In between the visits with DeFilippo and Dhir at Morgan Stanley and Google, respectively, the students were hosted by a number of lawyers, including partner Louise Skinner, for a meet-and-greet at Morgan Lewis’s London office.
The students took the Eurostar train from London to Brussels, marking the beginning of the second—and final—leg of the trek. Unlike the delegation’s itinerary in London, which was focused on private-sector enterprises, the Brussels itinerary was primarily comprised of visits to governmental offices, as Brussels is home to the many international political organizations’ headquarters, such as the European Union (EU) and North Atlantic Treaty Organization (NATO).
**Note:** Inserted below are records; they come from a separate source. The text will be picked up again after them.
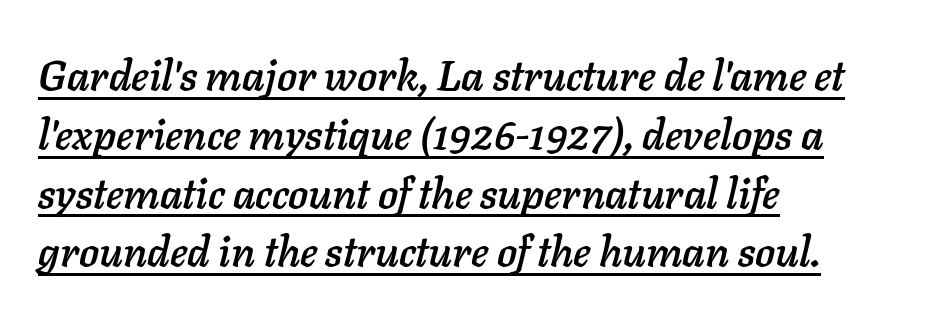
Q: Is the text italic (slanted)? A: Yes, it leans right by about 11 degrees.
Q: Is the text underlined? A: Yes.
Q: How is the paragraph aligned? A: Left-aligned.
Q: Is the spacing between letters normal or unusually wide? A: Normal.
Q: Is the spacing between lines tight, normal or loose? A: Normal.
Q: Width (condensed, normal, or wide)? A: Normal.
Q: Stroke contrast? A: Low.
Q: x-height? A: Medium.
Q: Monospaced? A: No.
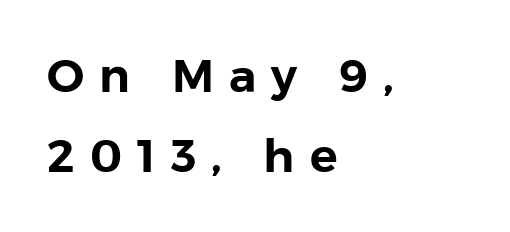
{"serif": "no", "italic": "no", "width": "normal", "stroke_contrast": "low", "x_height": "medium", "monospaced": "no", "underline": "no", "align": "left", "line_spacing_ratio": 1.74, "letter_spacing": "wide", "letter_spacing_em": 0.33, "glyph_px": 46}
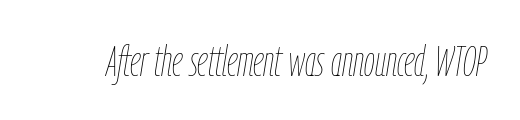
{"italic": "yes", "lean": "right", "slant_degrees": 9, "bold": "no", "weight": "thin", "width": "condensed", "stroke_contrast": "low", "x_height": "medium", "monospaced": "no", "underline": "no", "letter_spacing": "normal", "letter_spacing_em": 0.0, "glyph_px": 43}
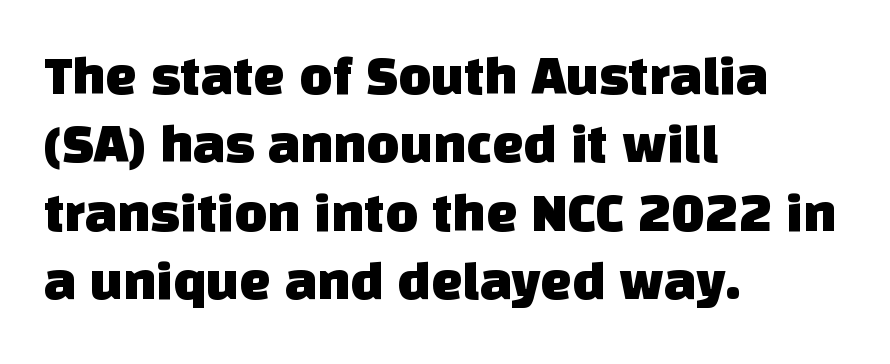
There is no visible air inserted between adjacent glyphs. Horizontally, the lines are justified to the leading edge only. A bare baseline throughout the passage. You could not count columns in this text — the font is proportionally spaced. Is this a sans? Yes — the strokes have no serifs.

In Brussels, HALB’s delegation had several meetings with individuals at the European Commission, Directorate-General for Competition—including a mergers-focused economist, an antitrust economist, and a communications expert. Though none of the students in the HALB delegation had taken an antitrust course at HLS to date, many of the topics that were discussed built on legal concepts the group had learned about in their required 1L International and Comparative Law courses such as “Law and the International Economy,” taught by Professor Mark Wu.
Later that day, the students visited the Council of the European Union for a meeting with Dr. Christiane Höhn LLM ’03, who serves as principal advisor to the EU Counter-Terrorism Coordinator. Höhn emphasized how enriching the broader Harvard ecosystem was during her time at Harvard Law School—she spent significant time at Harvard’s Kennedy School of Government working with Professor David Gergen ’67—and encouraged the HALB delegation to similarly explore complementary areas of interest outside of the Law School.
The final visit was to Morgan Lewis’s Brussels office, where the students took part in an insightful roundtable discussion on EU antitrust law with partner Christina Renner and associate Petra Kupka.